• _Goal of the exercise_: Each line below should be repeated exactly as written, with no pictures carried over.

===== The records =====

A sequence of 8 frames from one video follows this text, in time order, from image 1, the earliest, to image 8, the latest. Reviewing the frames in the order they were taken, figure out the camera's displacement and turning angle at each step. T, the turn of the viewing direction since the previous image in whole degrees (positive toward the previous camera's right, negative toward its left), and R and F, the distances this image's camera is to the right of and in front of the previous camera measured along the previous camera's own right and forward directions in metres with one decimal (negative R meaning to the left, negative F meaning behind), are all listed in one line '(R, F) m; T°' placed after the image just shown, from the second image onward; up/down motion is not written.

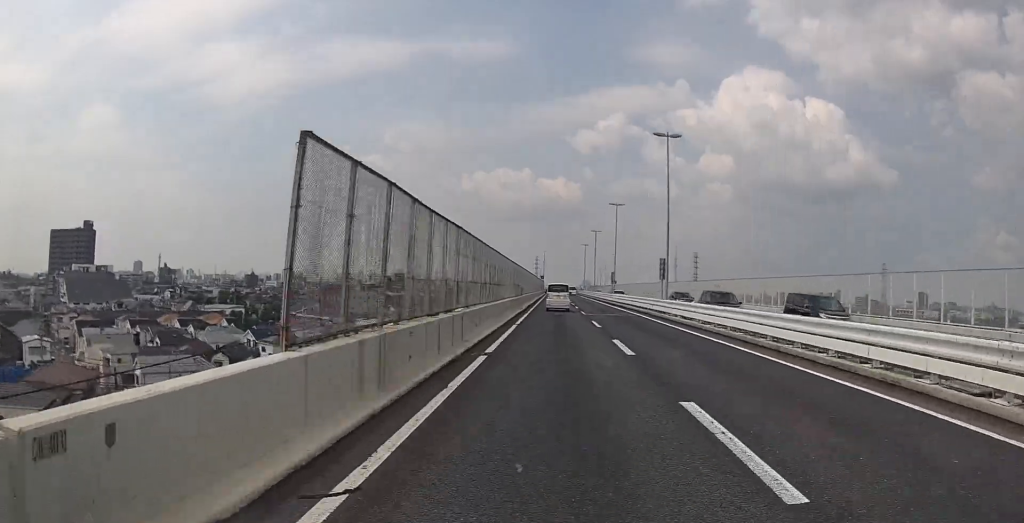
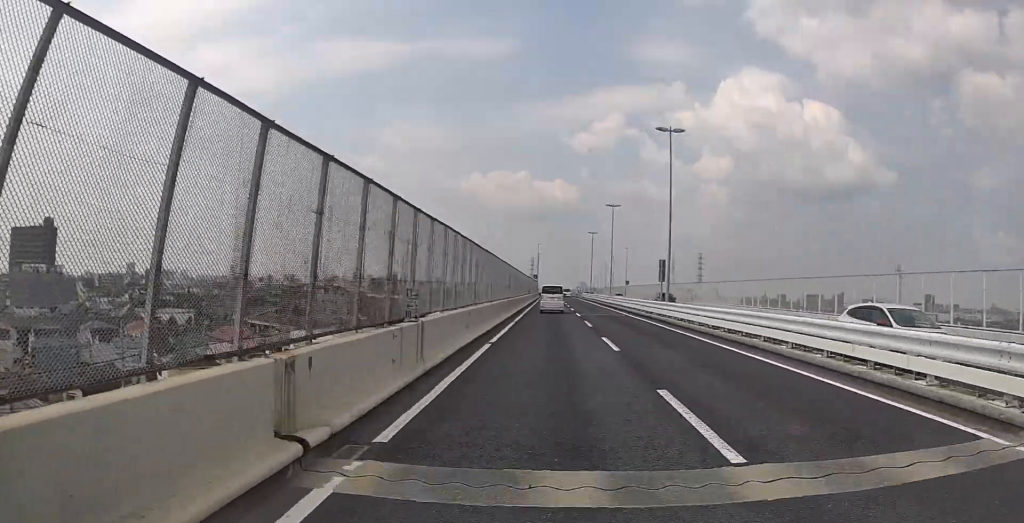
(0.0, +29.3) m; 0°
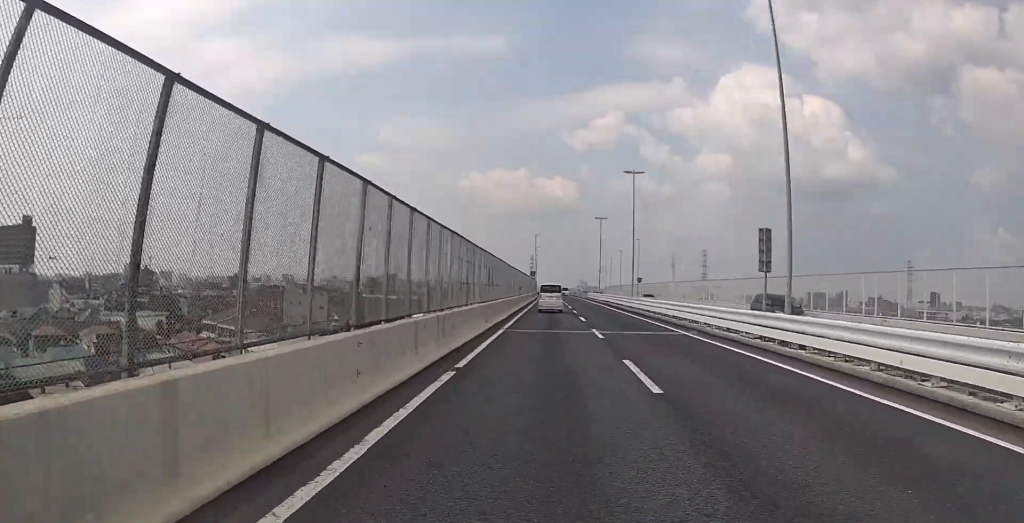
(0.0, +15.7) m; 0°
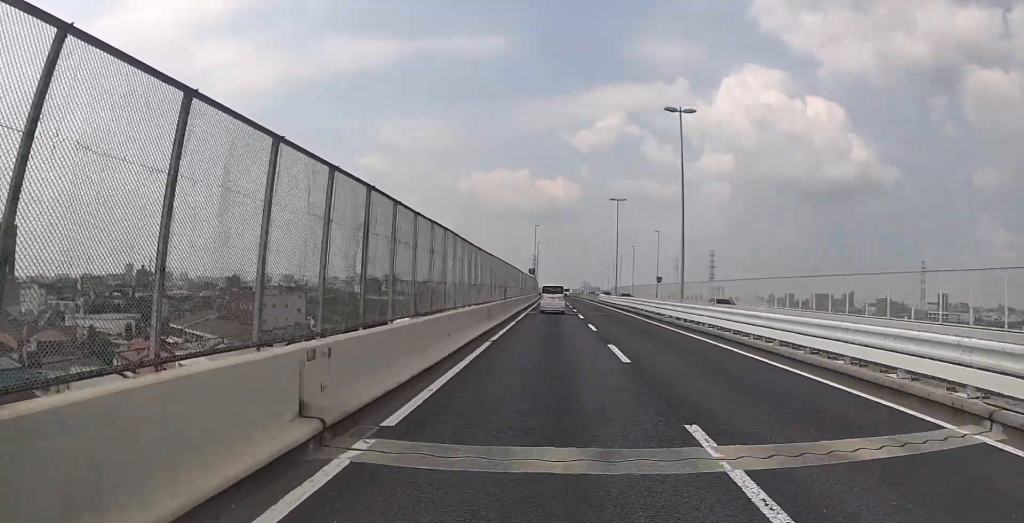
(0.0, +16.2) m; +1°
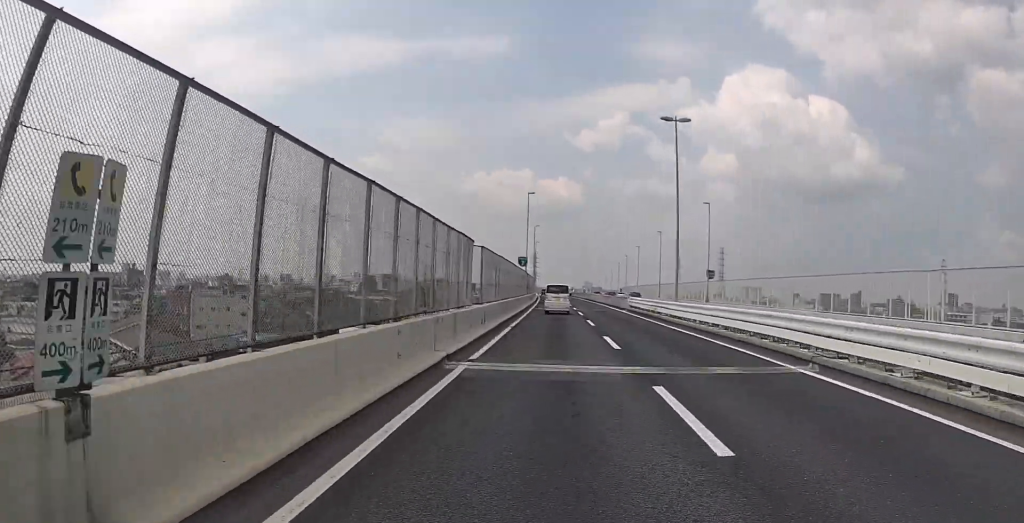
(+0.5, +27.1) m; 0°
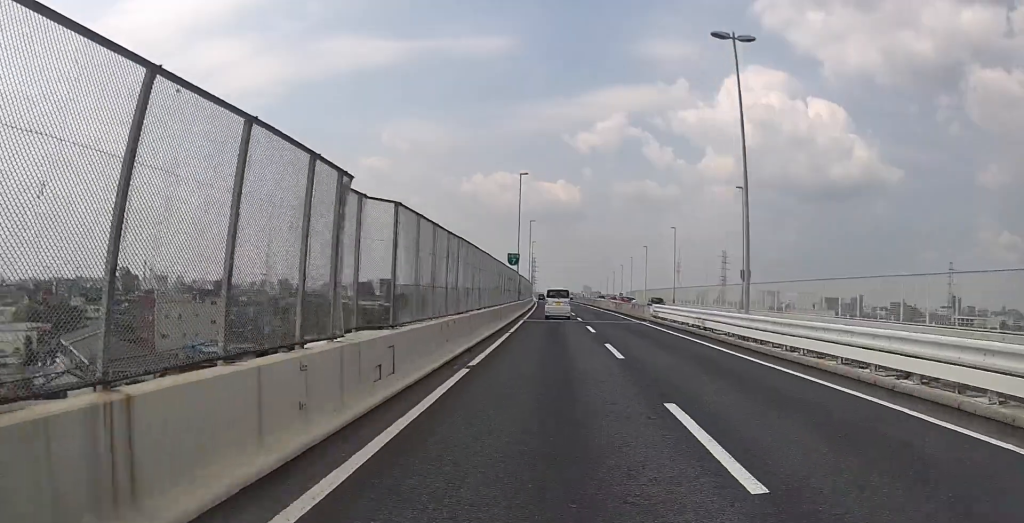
(-0.2, +11.1) m; -1°
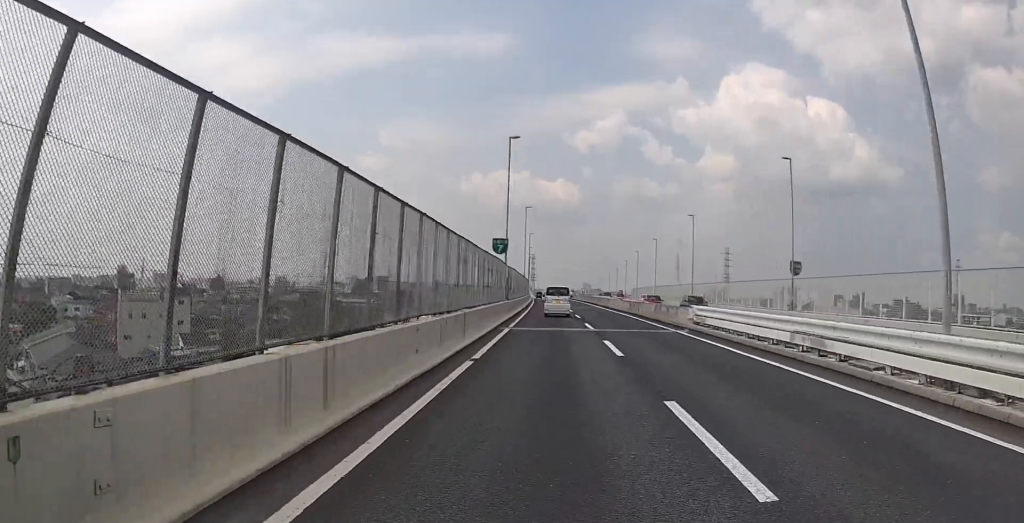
(-0.1, +9.7) m; 0°
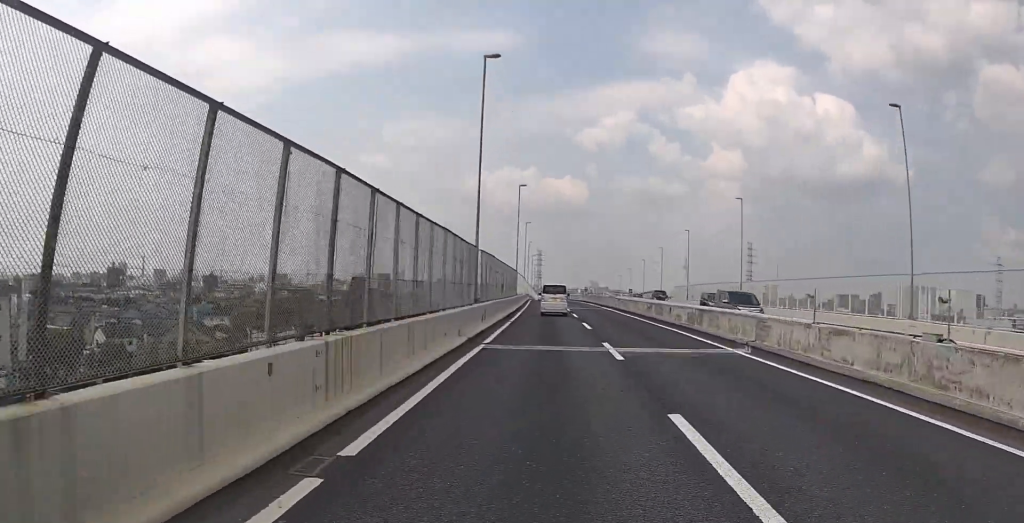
(0.0, +42.2) m; 0°
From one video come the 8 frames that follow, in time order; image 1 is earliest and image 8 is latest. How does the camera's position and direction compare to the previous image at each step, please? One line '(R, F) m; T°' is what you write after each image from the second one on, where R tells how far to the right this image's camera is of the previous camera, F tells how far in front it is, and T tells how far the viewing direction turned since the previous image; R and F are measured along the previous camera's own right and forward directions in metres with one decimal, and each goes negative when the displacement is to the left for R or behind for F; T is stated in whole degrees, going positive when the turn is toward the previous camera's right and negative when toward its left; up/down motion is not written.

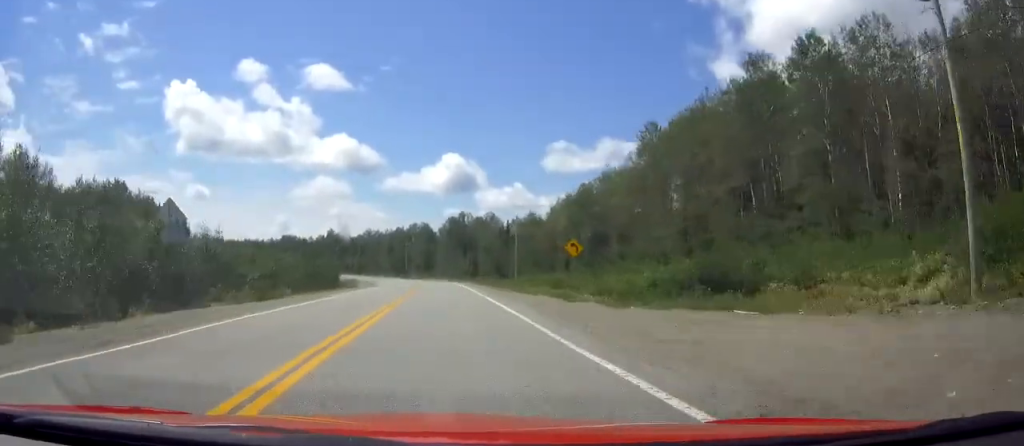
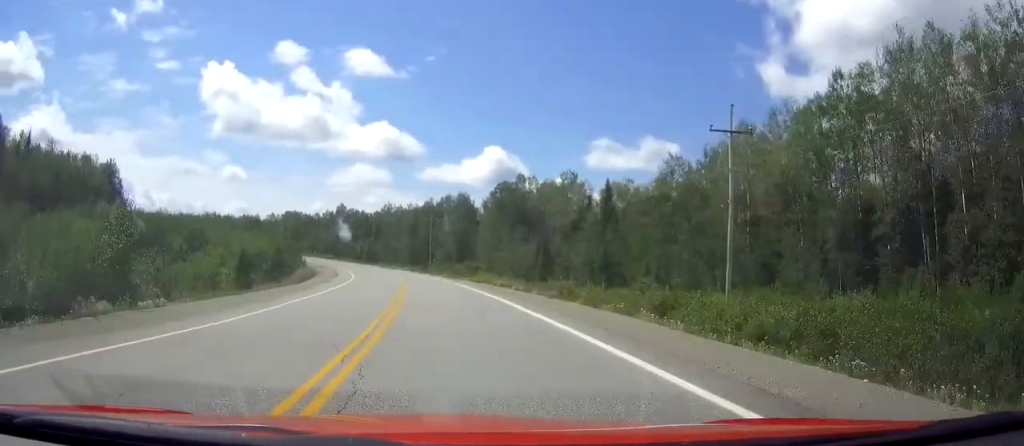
(-1.2, +67.7) m; -3°
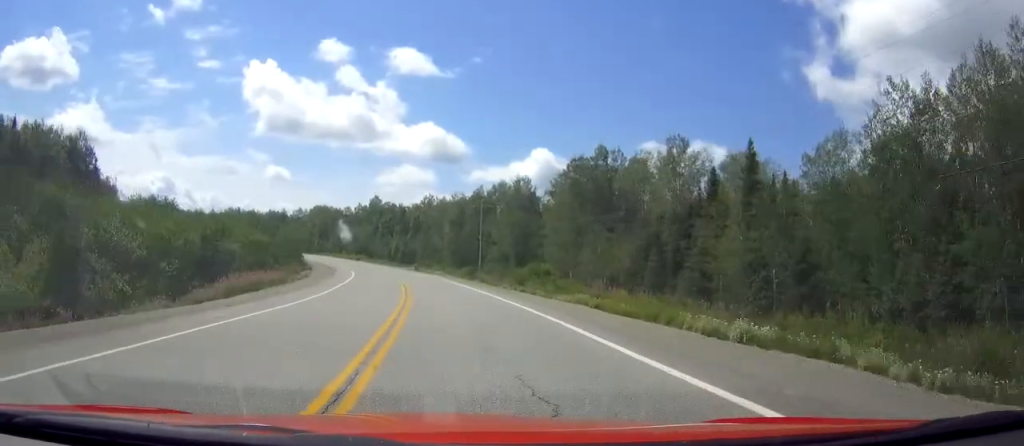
(-0.6, +31.8) m; -3°
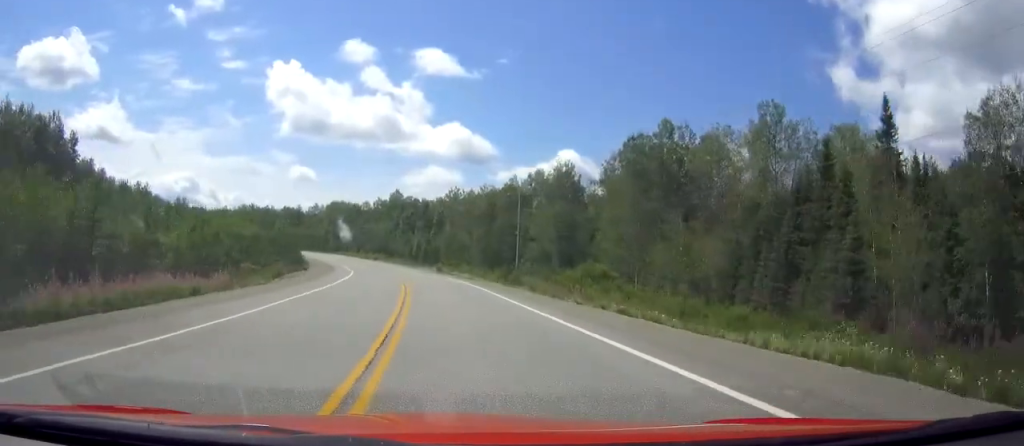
(-0.3, +17.6) m; -2°
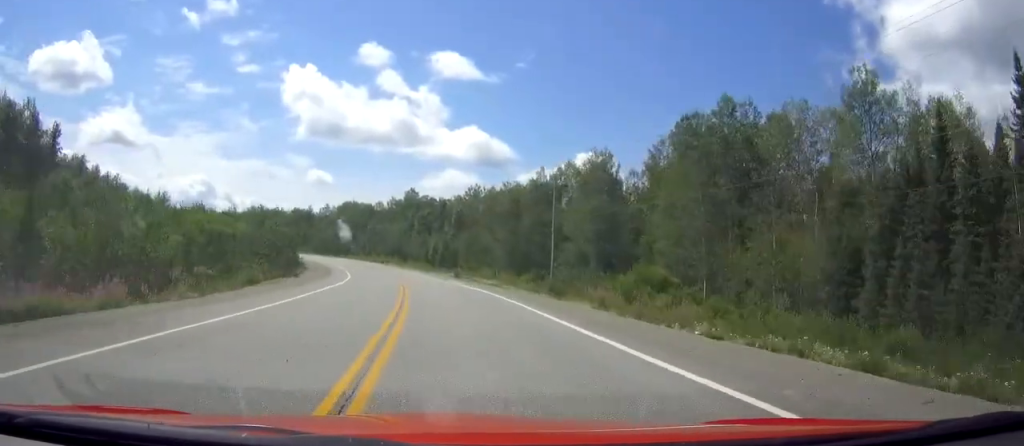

=====

• _Solution to this exercise_:
A sequence of 8 frames from one video follows this text, in time order, from image 1, the earliest, to image 8, the latest. Reviewing the frames in the order they were taken, figure out the camera's displacement and turning angle at each step. T, the turn of the viewing direction since the previous image in whole degrees (positive toward the previous camera's right, negative toward its left), and R and F, the distances this image's camera is to the right of and in front of the previous camera measured along the previous camera's own right and forward directions in metres with one decimal (negative R meaning to the left, negative F meaning behind), are all listed in one line '(R, F) m; T°' placed after the image just shown, from the second image onward; up/down motion is not written.

(0.0, +29.3) m; 0°
(0.0, +15.7) m; 0°
(0.0, +16.2) m; +1°
(+0.5, +27.1) m; 0°
(-0.2, +11.1) m; -1°
(-0.1, +9.7) m; 0°
(0.0, +42.2) m; 0°
From one video come the 8 frames that follow, in time order; image 1 is earliest and image 8 is latest. How does the camera's position and direction compare to the previous image at each step, please? One line '(R, F) m; T°' is what you write after each image from the second one on, where R tells how far to the right this image's camera is of the previous camera, F tells how far in front it is, and T tells how far the viewing direction turned since the previous image; R and F are measured along the previous camera's own right and forward directions in metres with one decimal, and each goes negative when the displacement is to the left for R or behind for F; T is stated in whole degrees, going positive when the turn is toward the previous camera's right and negative when toward its left; up/down motion is not written.

(-1.2, +67.7) m; -3°
(-0.6, +31.8) m; -3°
(-0.3, +17.6) m; -2°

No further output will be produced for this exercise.